ENGIE COMEMORA LUCRO E BONS RESULTADOS DE OLHO NA AQUISIÇÃO DA TAG PARA AMPLIAR SEUS NEGÓCIOS NO BRASIL -


21. fev, 2019

tA ENGIE Brasil Energia registrou crescimento de 15,5% nos indicadores de suas atividades. A companhia acumulou um lucro líquido de R$ 2.315,4 milhões, com uma receita operacional líquida, de R$ 8.794,8 milhões, incremento de 25,5% em relação ao ano de 2017. O Ebitda (Lucros antes de juros, impostos, depreciação e amortização) alcançou R$ 4.367,6 milhões, aumento de 24,1%. A empresa acredita que o bom desempenho se deveu, principalmente, à incorporação das Usinas Hidrelétricas Jaguara e Miranda (MG), às operações realizadas no mercado de curto prazo e aos aumentos tanto de preço médio quanto do volume de vendas.  No próximo mês a companhia estará de olho  na segunda rodada de ofertas pela compra de 90% da Transportadora Associada de Gás (TAG). O grupo francês apresentou a proposta da ordem de US$ 8 bilhões, mas terá pela frente uma concorrência forte.  A Itaúsa está em um dos consórcios que disputam a TAG, ao lado da Macquarie e Brasil Warrant – além de ser sócia da transportadora NTS.

Para o diretor-presidente da ENGIE Brasil Energia, Eduardo Sattamini, os números confirmam o acerto da estratégia de comercialização, disciplina financeira e gestão proativa do portfólio. “Mais uma vez o nosso time provou uma capacidade de entrega absolutamente fora da curva”. Um dos destaques do ano foi a entrada em operação comercial do Conjunto Eólico Campo Largo, na Bahia,(foto) Fase 1, que em dezembro atingiu 100% de sua capacidade comercial instalada, de 326,7 MW. O anúncio dos resultados financeiros ressalta a viabilização da Fase 2 do Conjunto Eólico Campo Largo, por meio de negócios firmados no Ambiente de Contratação Livre. No ano de 2018, a companhia também adquiriu os 50% remanescentes da ENGIE Geração Solar Distribuída, reiterando o seu interesse em ampliar os investimentos em ttttgeração de energia renovável e descentralizada.

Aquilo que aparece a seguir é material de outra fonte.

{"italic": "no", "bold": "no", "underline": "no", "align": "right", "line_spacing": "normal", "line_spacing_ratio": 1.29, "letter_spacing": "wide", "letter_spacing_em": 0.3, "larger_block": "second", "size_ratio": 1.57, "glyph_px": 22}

Este ano, entraram em operação comercial as quatro primeiras centrais eólicas de um total de 18 que formam a Fase 1 do Conjunto Eólico Umburanas (BA), com capacidade instalada total de 360 MW. A previsão é de que, até abril, todo o conjunto já esteja operando em testes. Juntamente com o Conjunto Eólico Campo Largo, Umburanas forma o maior cluster de geração eólica já implementado pela ENGIE no Brasil. Em 2019, estão previstos investimentos de cerca de R$ 1,8 bilhão. Esse valor será destinado à finalização da construção do Conjunto Eólico Umburanas e da Termelétrica Pampa Sul (RS); à continuidade da implantação da linha de transmissão Gralha Azul (PR), à construção da Fase 2 do Conjunto Eólico Campo Largo e também à manutenção do parque gerador da empresa.